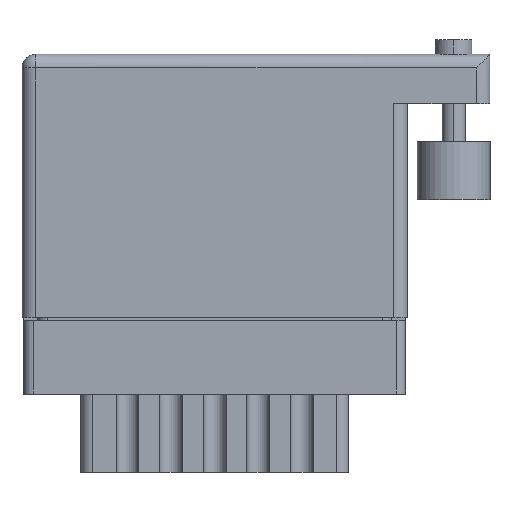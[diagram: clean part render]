
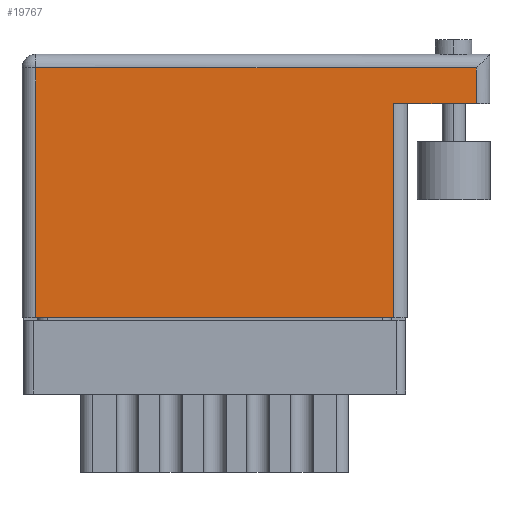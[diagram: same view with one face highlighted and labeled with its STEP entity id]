
A CAD part, front view. The second image highlights one B-rep face of the part: STEP entity #19767.
In plain terms, the highlighted face is planar.
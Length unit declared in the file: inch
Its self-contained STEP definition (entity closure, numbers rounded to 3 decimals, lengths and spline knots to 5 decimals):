
#411 = VECTOR ( 'NONE', #20272, 39.37008 ) ;
#1238 = CARTESIAN_POINT ( 'NONE',  ( 1.278, 0.736, 0. ) ) ;
#2437 = CARTESIAN_POINT ( 'NONE',  ( 0., 0., 0. ) ) ;
#2756 = ORIENTED_EDGE ( 'NONE', *, *, #17838, .T. ) ;
#3366 = CARTESIAN_POINT ( 'NONE',  ( 1.562, 0.906, 0. ) ) ;
#3776 = EDGE_CURVE ( 'NONE', #6546, #12310, #21614, .T. ) ;
#4599 = CARTESIAN_POINT ( 'NONE',  ( 0.047, 0., 0. ) ) ;
#4791 = DIRECTION ( 'NONE',  ( 0., 0., -1. ) ) ;
#6037 = EDGE_LOOP ( 'NONE', ( #2756, #16126, #21138, #20227, #11510, #15876 ) ) ;
#6510 = DIRECTION ( 'NONE',  ( -1., 0., 0. ) ) ;
#6524 = EDGE_CURVE ( 'NONE', #13523, #16519, #15190, .T. ) ;
#6546 = VERTEX_POINT ( 'NONE', #12609 ) ;
#6553 = CARTESIAN_POINT ( 'NONE',  ( 0., 0.906, 0. ) ) ;
#6588 = CARTESIAN_POINT ( 'NONE',  ( 1.278, 0.736, 0. ) ) ;
#6622 = FACE_OUTER_BOUND ( 'NONE', #6037, .T. ) ;
#8118 = EDGE_CURVE ( 'NONE', #6546, #11427, #18813, .T. ) ;
#8506 = DIRECTION ( 'NONE',  ( 1., 0., 0. ) ) ;
#8550 = EDGE_CURVE ( 'NONE', #11427, #13523, #19709, .T. ) ;
#8817 = DIRECTION ( 'NONE',  ( -1., 0., 0. ) ) ;
#9466 = CARTESIAN_POINT ( 'NONE',  ( 1.278, 0., 0. ) ) ;
#10073 = LINE ( 'NONE', #2437, #12587 ) ;
#10626 = DIRECTION ( 'NONE',  ( 0., 1., 0. ) ) ;
#11427 = VERTEX_POINT ( 'NONE', #16198 ) ;
#11510 = ORIENTED_EDGE ( 'NONE', *, *, #8550, .T. ) ;
#12310 = VERTEX_POINT ( 'NONE', #1238 ) ;
#12587 = VECTOR ( 'NONE', #8506, 39.37008 ) ;
#12609 = CARTESIAN_POINT ( 'NONE',  ( 1.562, 0.736, 0. ) ) ;
#13523 = VERTEX_POINT ( 'NONE', #14262 ) ;
#14262 = CARTESIAN_POINT ( 'NONE',  ( 0.047, 0.859, 0. ) ) ;
#14603 = PLANE ( 'NONE',  #24060 ) ;
#15131 = VECTOR ( 'NONE', #10626, 39.37008 ) ;
#15190 = LINE ( 'NONE', #18254, #411 ) ;
#15378 = VECTOR ( 'NONE', #17216, 39.37008 ) ;
#15529 = DIRECTION ( 'NONE',  ( 0., 1., 0. ) ) ;
#15876 = ORIENTED_EDGE ( 'NONE', *, *, #6524, .T. ) ;
#16126 = ORIENTED_EDGE ( 'NONE', *, *, #17075, .T. ) ;
#16198 = CARTESIAN_POINT ( 'NONE',  ( 1.562, 0.859, 0. ) ) ;
#16519 = VERTEX_POINT ( 'NONE', #4599 ) ;
#17075 = EDGE_CURVE ( 'NONE', #19423, #12310, #17928, .T. ) ;
#17216 = DIRECTION ( 'NONE',  ( -1., 0., 0. ) ) ;
#17838 = EDGE_CURVE ( 'NONE', #16519, #19423, #10073, .T. ) ;
#17928 = LINE ( 'NONE', #6588, #15131 ) ;
#18254 = CARTESIAN_POINT ( 'NONE',  ( 0.047, 0., 0. ) ) ;
#18455 = CARTESIAN_POINT ( 'NONE',  ( 0., 0.859, 0. ) ) ;
#18813 = LINE ( 'NONE', #3366, #23541 ) ;
#19033 = CARTESIAN_POINT ( 'NONE',  ( 1.609, 0.736, 0. ) ) ;
#19394 = VECTOR ( 'NONE', #6510, 39.37008 ) ;
#19423 = VERTEX_POINT ( 'NONE', #9466 ) ;
#19709 = LINE ( 'NONE', #18455, #19394 ) ;
#19767 = ADVANCED_FACE ( 'NONE', ( #6622 ), #14603, .F. ) ;
#20227 = ORIENTED_EDGE ( 'NONE', *, *, #8118, .T. ) ;
#20272 = DIRECTION ( 'NONE',  ( 0., -1., 0. ) ) ;
#21138 = ORIENTED_EDGE ( 'NONE', *, *, #3776, .F. ) ;
#21614 = LINE ( 'NONE', #19033, #15378 ) ;
#23541 = VECTOR ( 'NONE', #15529, 39.37008 ) ;
#24060 = AXIS2_PLACEMENT_3D ( 'NONE', #6553, #4791, #8817 ) ;

### [How to complete this task]
All lines above from the one containing "#8550 = EDGE_CURVE" to the one containing "#11510 = ORIENTED_EDGE" must be repeated exactly, both lines included, and no others.

### [Solution]
#8550 = EDGE_CURVE ( 'NONE', #11427, #13523, #19709, .T. ) ;
#8817 = DIRECTION ( 'NONE',  ( -1., 0., 0. ) ) ;
#9466 = CARTESIAN_POINT ( 'NONE',  ( 1.278, 0., 0. ) ) ;
#10073 = LINE ( 'NONE', #2437, #12587 ) ;
#10626 = DIRECTION ( 'NONE',  ( 0., 1., 0. ) ) ;
#11427 = VERTEX_POINT ( 'NONE', #16198 ) ;
#11510 = ORIENTED_EDGE ( 'NONE', *, *, #8550, .T. ) ;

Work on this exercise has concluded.